The OpenTelemetry log data model defines the structure and semantics of log records, ensuring consistency and interoperability across tools and platforms. It specifies key elements like timestamps, resource identifiers, and attributes, which enrich logs with contextual information.

This model supports various log formats and sources, adapting to complex logging environments. It aims for comprehensive observability, linking logs with traces and metrics for a holistic view. The standardized format simplifies log processing, storage, and analysis, streamlining operations and reducing overhead.

Types of Logs Gathered by OpenTelemetry 

Here are some of the different types of logs that can be collected by OpenTelemetry.

System and Infrastructure Logs

System and infrastructure logs represent the operational events of hardware, networks, and foundational software components. OpenTelemetry captures these to monitor system health, performance issues, and security alerts. This data is useful for site reliability engineers and IT professionals in ensuring system stability and identifying potential infrastructure failures.

First-Party Application Logs

First-party application logs record the events within an organization’s proprietary software applications. They provide visibility into application behavior, user interactions, and operational anomalies. This is critical for developers and operations teams to identify bugs, optimize performance, and enhance user experiences.

Third-Party Application Logs

Third-party application logs cover the events from external software services and APIs integrated into an organization’s system architecture. OpenTelemetry’s ability to collect these logs offers a comprehensive view of the external dependencies affecting system performance and stability.

Methods of Log Data Collection with OpenTelemetry 

There are two primary ways to collect log data in OpenTelemetry.

Via File or Stdout Logs

OpenTelemetry can capture logs written to files or standard output (stdout) streams, common logging approaches in many applications.
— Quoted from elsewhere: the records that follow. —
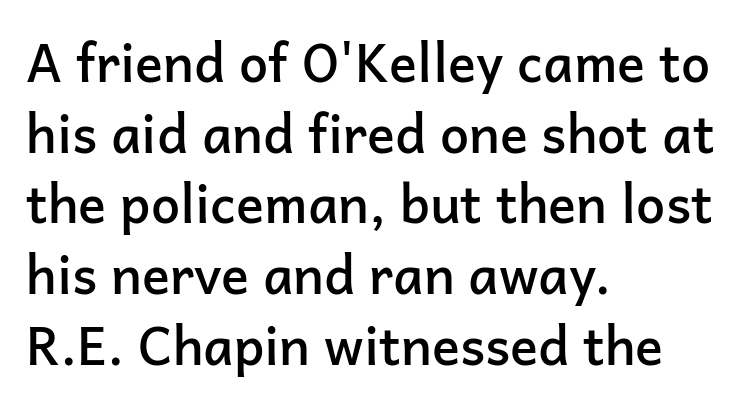
Q: Is the text bold? A: Semi-bold.
Q: Is the text italic (slanted)? A: No, it is upright.
Q: Is the typeface a serif or a sans-serif typeface? A: Sans-serif.
Q: Is the text underlined? A: No.
Q: How is the paragraph aligned? A: Left-aligned.
Q: Is the spacing between letters normal or unusually wide? A: Normal.
Q: Is the spacing between lines tight, normal or loose? A: Normal.
Q: Width (condensed, normal, or wide)? A: Normal.
Q: Stroke contrast? A: Low.
Q: x-height? A: Medium.
Q: Monospaced? A: No.
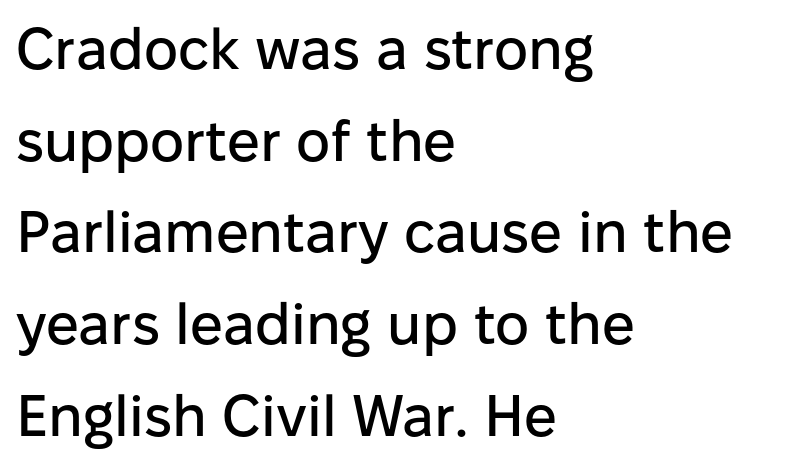
The image shows 58 px sans-serif type, upright; set left-aligned, normal line spacing (1.58x), normal letter spacing, not underlined; low stroke contrast and a medium x-height.
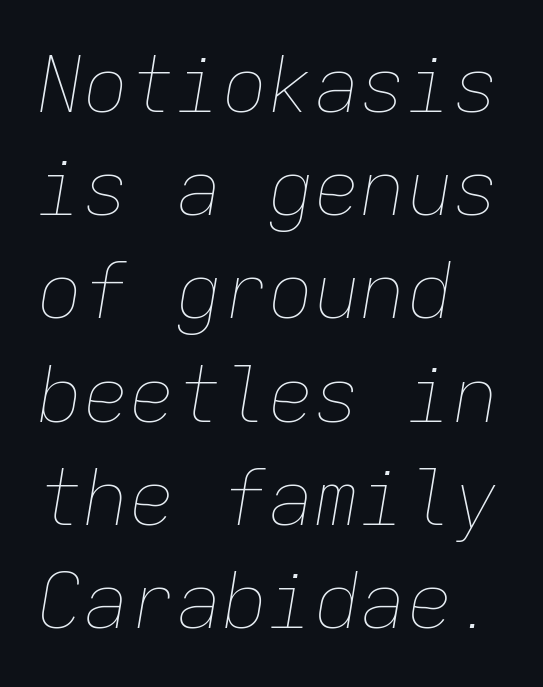
{"italic": "yes", "lean": "right", "slant_degrees": 9, "bold": "no", "weight": "thin", "width": "normal", "stroke_contrast": "low", "x_height": "medium", "monospaced": "yes", "underline": "no", "align": "left", "line_spacing": "normal", "line_spacing_ratio": 1.34, "letter_spacing": "normal", "letter_spacing_em": 0.0, "glyph_px": 77}
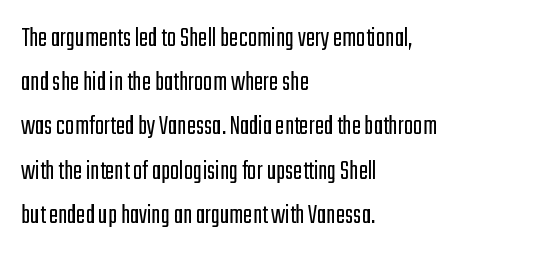
{"serif": "no", "italic": "no", "bold": "no", "weight": "light", "width": "condensed", "stroke_contrast": "low", "x_height": "medium", "monospaced": "no", "underline": "no", "align": "left", "line_spacing": "normal", "line_spacing_ratio": 1.58, "letter_spacing": "normal", "letter_spacing_em": 0.0, "glyph_px": 28}
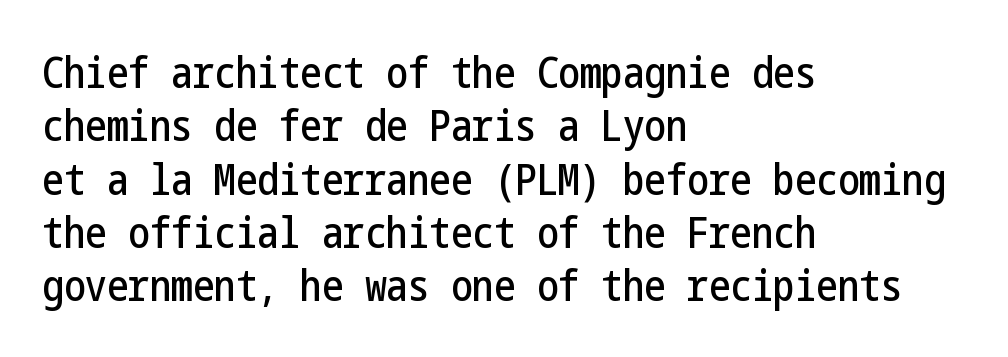
{"serif": "no", "italic": "no", "width": "condensed", "stroke_contrast": "low", "x_height": "medium", "underline": "no", "align": "left", "line_spacing_ratio": 1.24, "letter_spacing": "normal", "letter_spacing_em": 0.0, "glyph_px": 43}
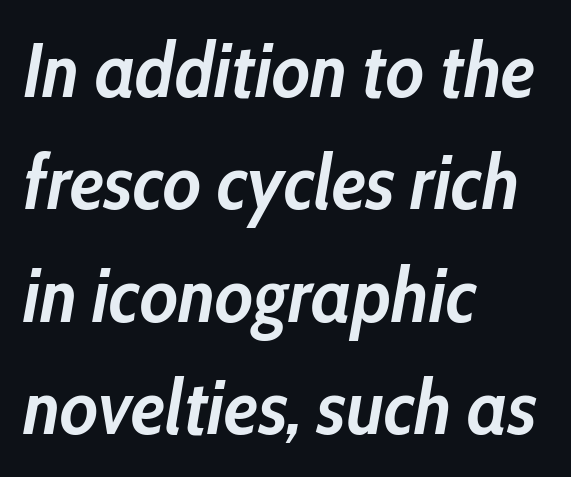
{"italic": "yes", "lean": "right", "slant_degrees": 10, "bold": "yes", "weight": "semibold", "width": "condensed", "stroke_contrast": "low", "x_height": "medium", "monospaced": "no", "underline": "no", "align": "left", "line_spacing": "normal", "line_spacing_ratio": 1.48, "letter_spacing": "normal", "letter_spacing_em": 0.0, "glyph_px": 76}
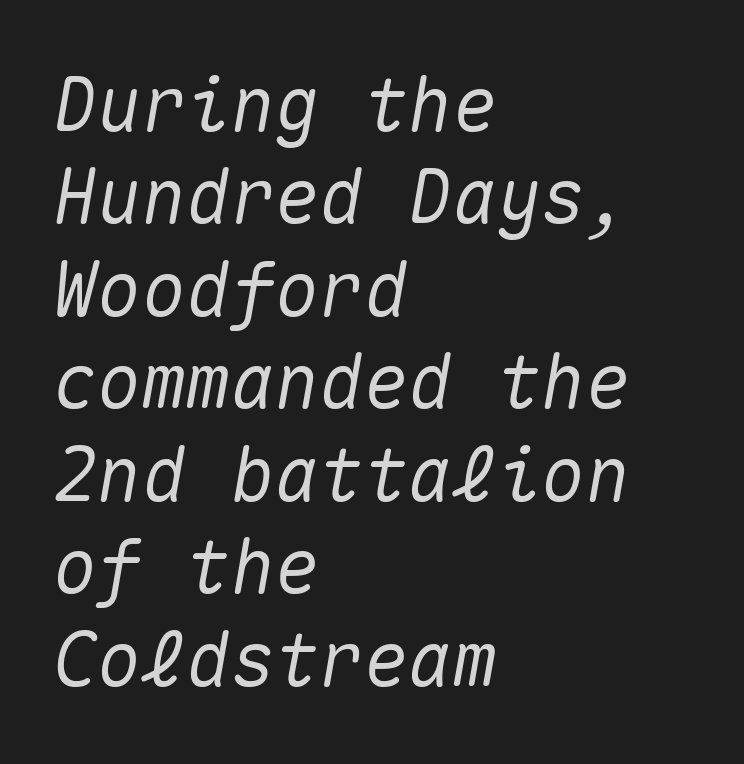
The rag falls on the right side of this text block. The line-height multiplier appears to be the usual default. Inter-character spacing is left at the font's built-in metrics. This sample has the even, mechanical cadence of fixed-width lettering. Looking at the ascenders, they clearly lean. Any mark beneath the type? The region is blank.

This method enables easy integration without modifying existing logging implementations. Logs are directed to OpenTelemetry collectors for processing and analysis.

Centralizing logs via file or stdout collection simplifies monitoring and troubleshooting across distributed systems, but can result in higher latency and requires intermediate log storage.

Direct to Collector

The direct-to-collector method involves sending logs directly from applications or services to OpenTelemetry collectors, bypassing intermediary storage. This approach reduces latency, enhances log data fidelity, and simplifies the architecture by minimizing components between log generation and collection.

Direct log shipping supports real-time observability and advanced analytics, and is particularly useful in highly dynamic environments. However it can be more challenging to implement and might require code changes.

OpenTelemetry Logging Examples 

Here are some examples showing how to collect OpenTelemetry logs.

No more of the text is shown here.